* What needs to be done
Return every line of the data exactly as it stands.

* Task data

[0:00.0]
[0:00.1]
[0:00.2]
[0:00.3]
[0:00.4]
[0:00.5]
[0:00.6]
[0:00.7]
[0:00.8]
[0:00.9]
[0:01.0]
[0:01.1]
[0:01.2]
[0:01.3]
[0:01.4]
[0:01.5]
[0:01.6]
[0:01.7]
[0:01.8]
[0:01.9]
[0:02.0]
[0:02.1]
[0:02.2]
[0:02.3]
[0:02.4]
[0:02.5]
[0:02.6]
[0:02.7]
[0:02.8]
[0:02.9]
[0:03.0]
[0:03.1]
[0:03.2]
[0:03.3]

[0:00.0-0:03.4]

* Solution below
[0:00.0]
[0:00.1]
[0:00.2]
[0:00.3]
[0:00.4]
[0:00.5]
[0:00.6]
[0:00.7]
[0:00.8]
[0:00.9]
[0:01.0]
[0:01.1]
[0:01.2]
[0:01.3]
[0:01.4]
[0:01.5]
[0:01.6]
[0:01.7]
[0:01.8]
[0:01.9]
[0:02.0]
[0:02.1]
[0:02.2]
[0:02.3]
[0:02.4]
[0:02.5]
[0:02.6]
[0:02.7]
[0:02.8]
[0:02.9]
[0:03.0]
[0:03.1]
[0:03.2]
[0:03.3]

[0:00.0-0:03.4]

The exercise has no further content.